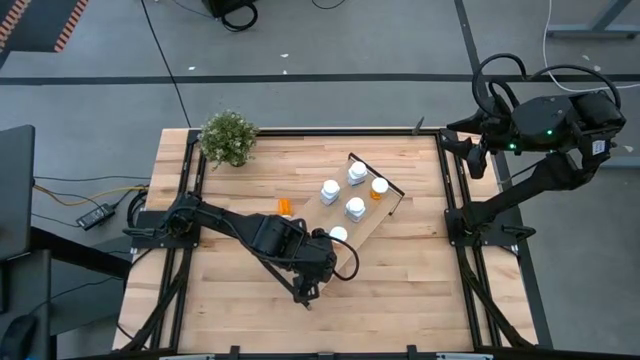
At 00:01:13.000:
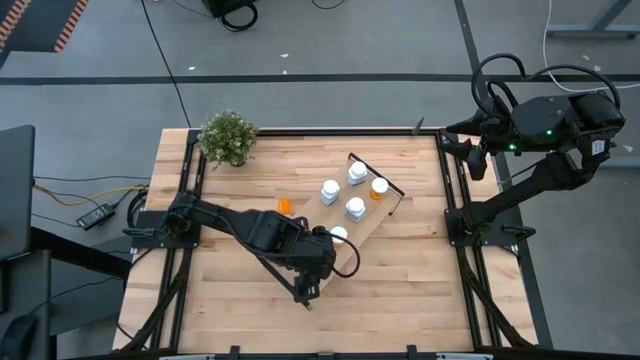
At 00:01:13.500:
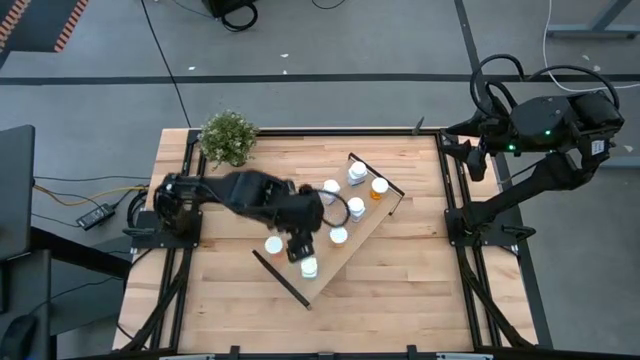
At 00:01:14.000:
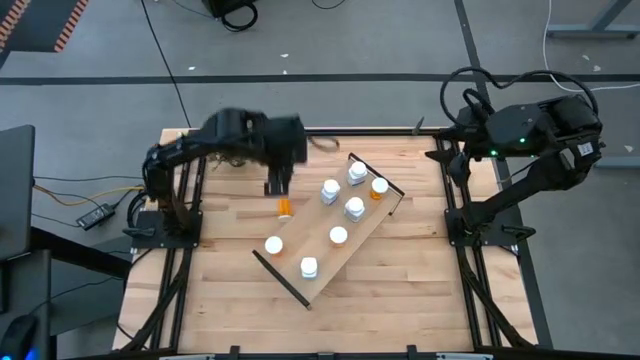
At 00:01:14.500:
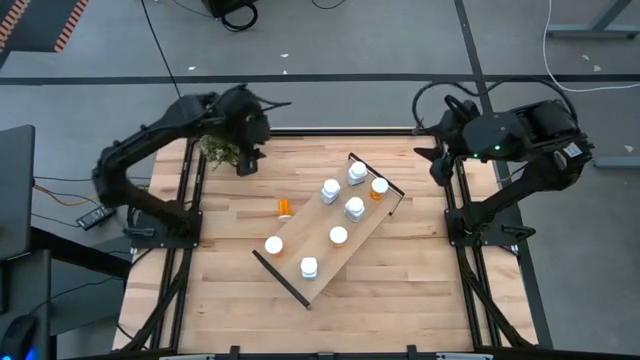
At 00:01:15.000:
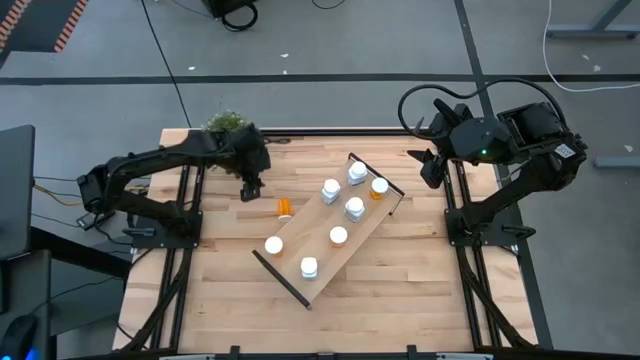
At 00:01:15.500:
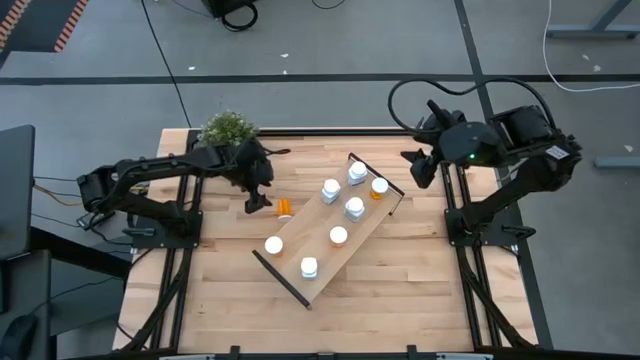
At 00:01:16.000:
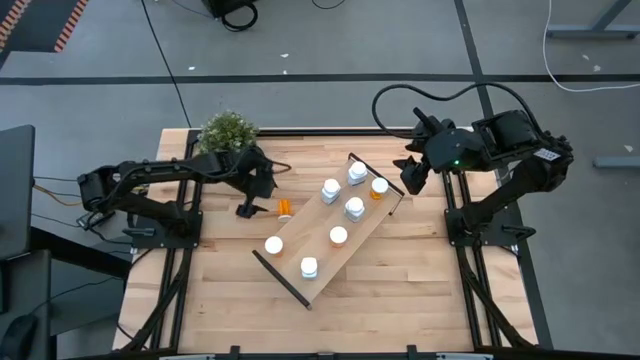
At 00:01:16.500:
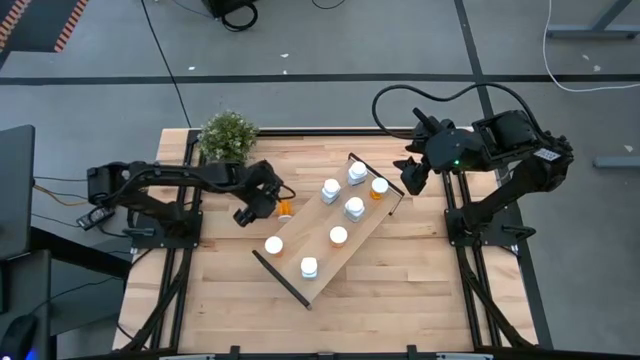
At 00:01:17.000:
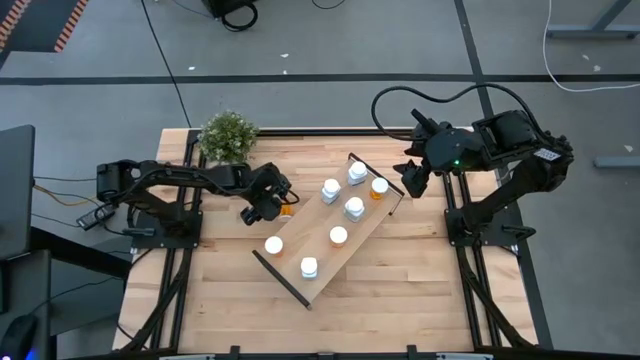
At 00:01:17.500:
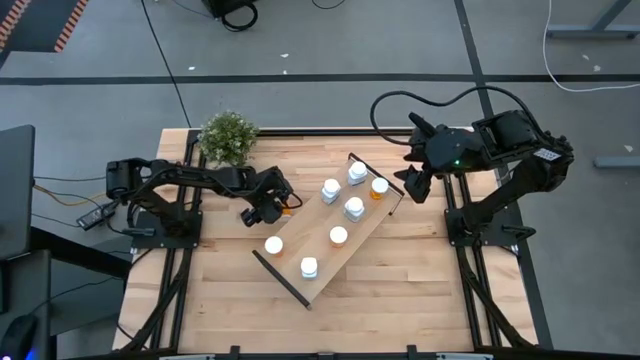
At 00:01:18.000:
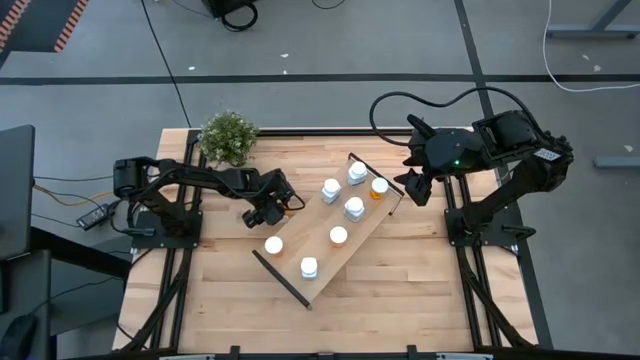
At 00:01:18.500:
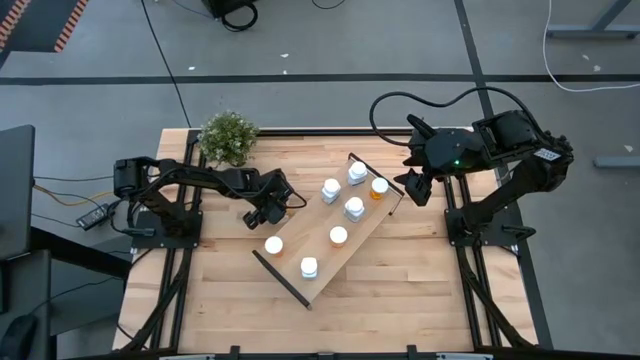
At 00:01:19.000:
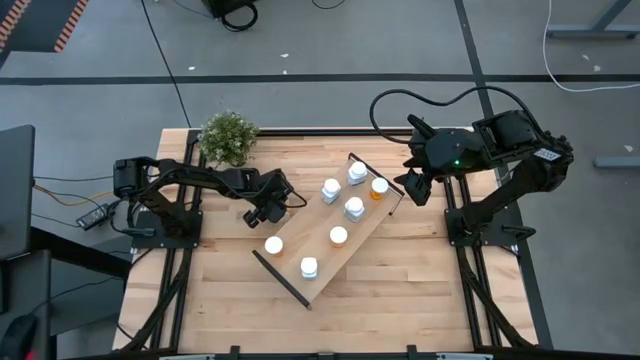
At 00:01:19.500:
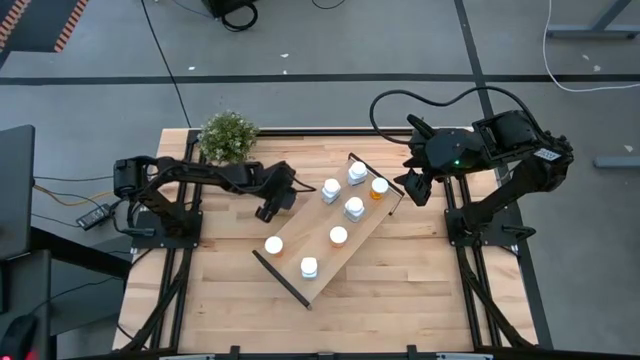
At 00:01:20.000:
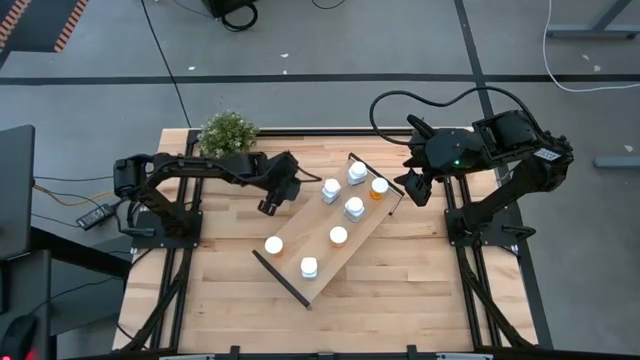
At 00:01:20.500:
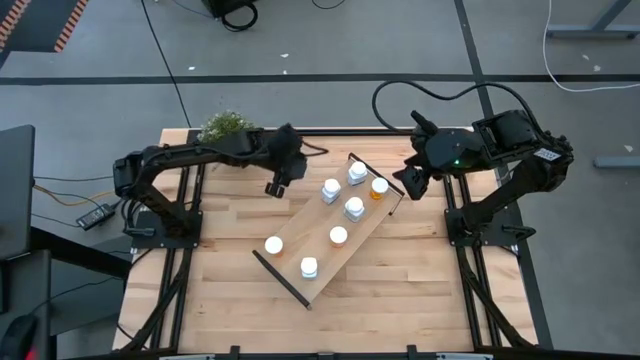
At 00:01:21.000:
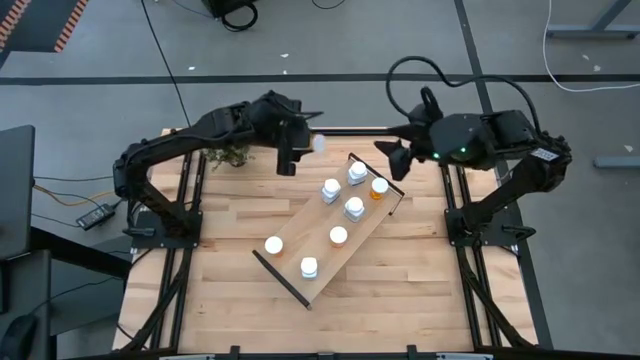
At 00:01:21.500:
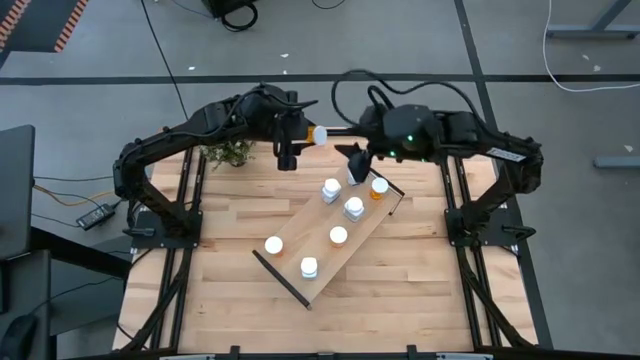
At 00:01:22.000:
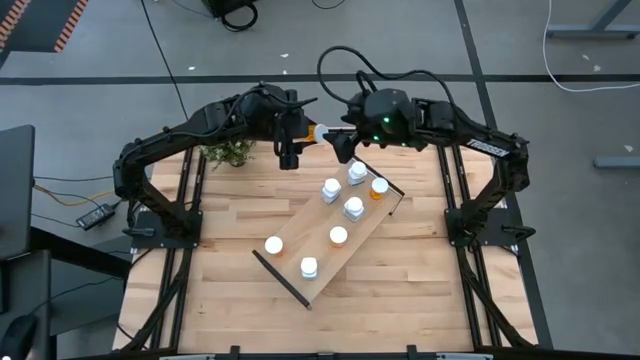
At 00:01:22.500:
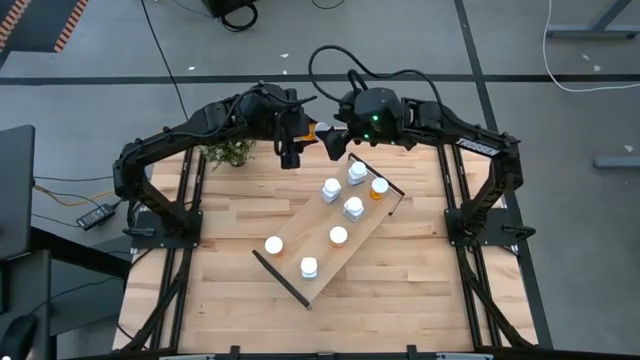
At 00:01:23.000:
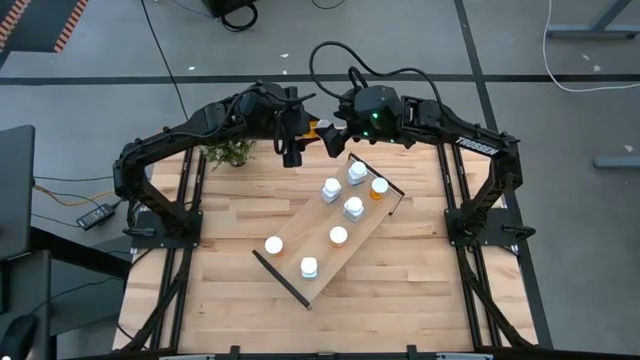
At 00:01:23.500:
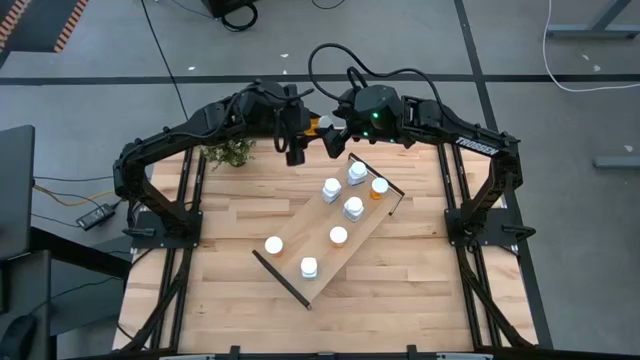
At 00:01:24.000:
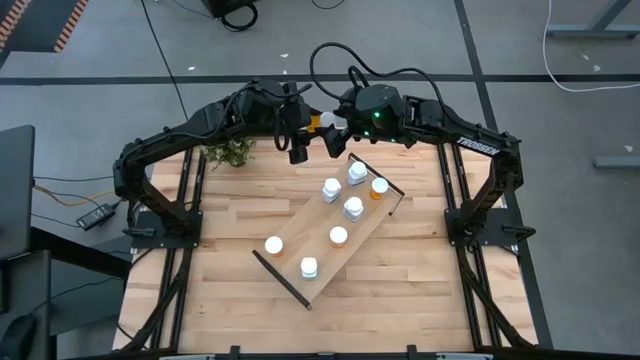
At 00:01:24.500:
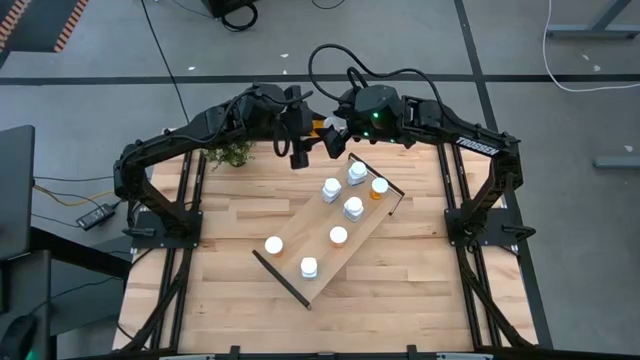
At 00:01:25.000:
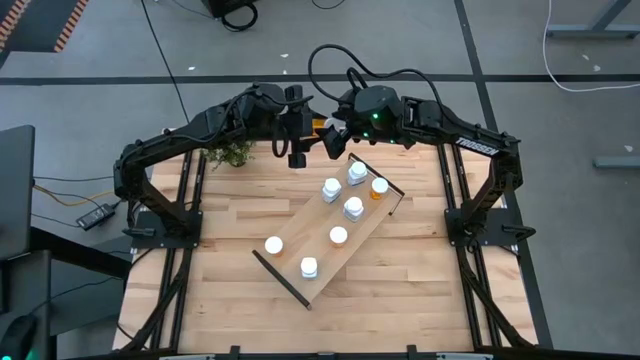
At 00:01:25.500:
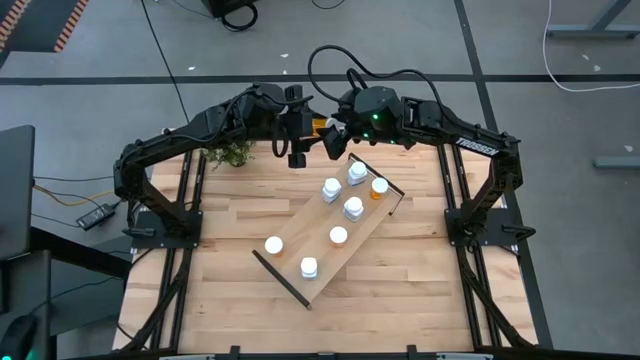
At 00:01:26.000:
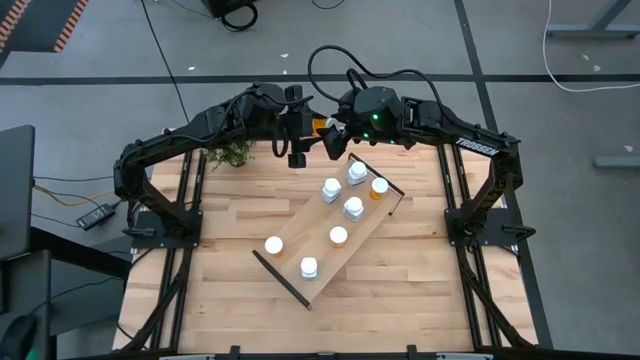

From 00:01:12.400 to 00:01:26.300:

**WHAT YOU HAVE TO DO**:
If pictures are present, they are dropped, and the entries above are written out word for word.

**SOLUTION**:
At 00:01:13.000:
At 00:01:13.500:
At 00:01:14.000:
At 00:01:14.500:
At 00:01:15.000:
At 00:01:15.500:
At 00:01:16.000:
At 00:01:16.500:
At 00:01:17.000:
At 00:01:17.500:
At 00:01:18.000:
At 00:01:18.500:
At 00:01:19.000:
At 00:01:19.500:
At 00:01:20.000:
At 00:01:20.500:
At 00:01:21.000:
At 00:01:21.500:
At 00:01:22.000:
At 00:01:22.500:
At 00:01:23.000:
At 00:01:23.500:
At 00:01:24.000:
At 00:01:24.500:
At 00:01:25.000:
At 00:01:25.500:
At 00:01:26.000:

From 00:01:12.400 to 00:01:26.300:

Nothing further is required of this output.